◆ **Assignment**
Please write out all the data that follows exactly, without the pictures.

◆ **Provided data**
________________

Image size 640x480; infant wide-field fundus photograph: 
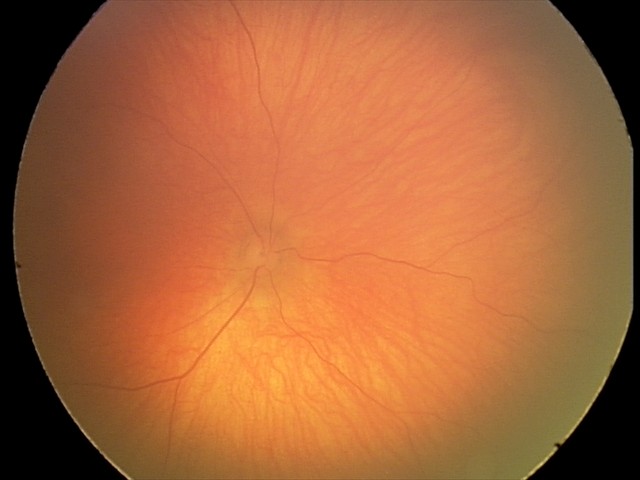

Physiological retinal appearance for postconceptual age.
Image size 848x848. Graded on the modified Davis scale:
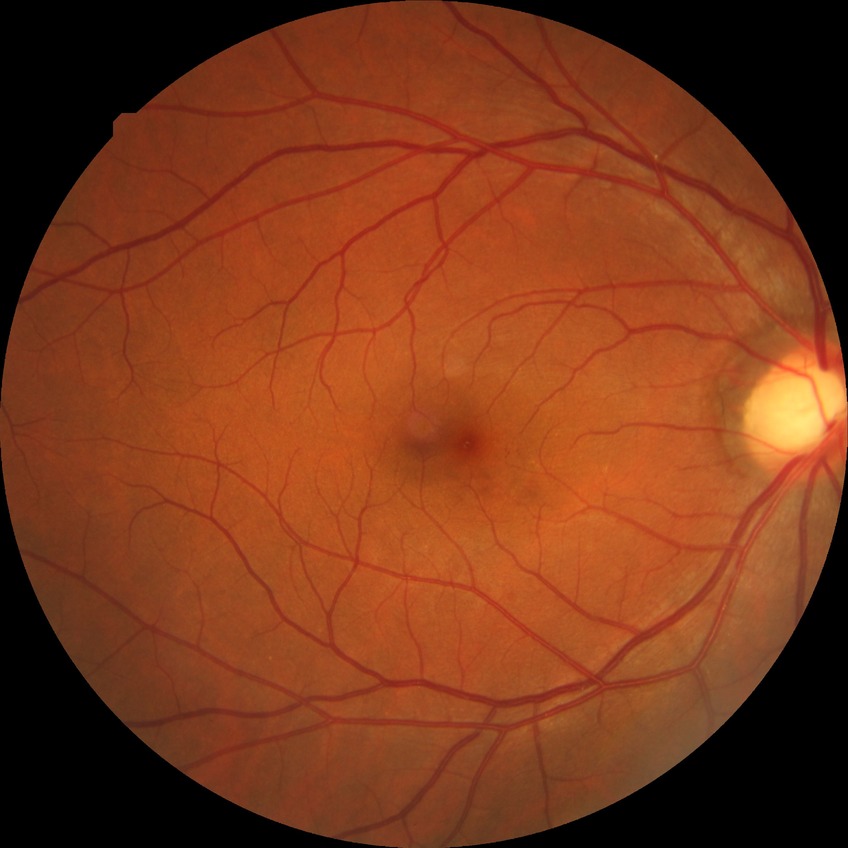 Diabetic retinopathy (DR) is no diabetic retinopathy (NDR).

________________

◆ **Exercise output**
Image size 640x480; infant wide-field fundus photograph: 

Physiological retinal appearance for postconceptual age.
Image size 848x848. Graded on the modified Davis scale:
 Diabetic retinopathy (DR) is no diabetic retinopathy (NDR).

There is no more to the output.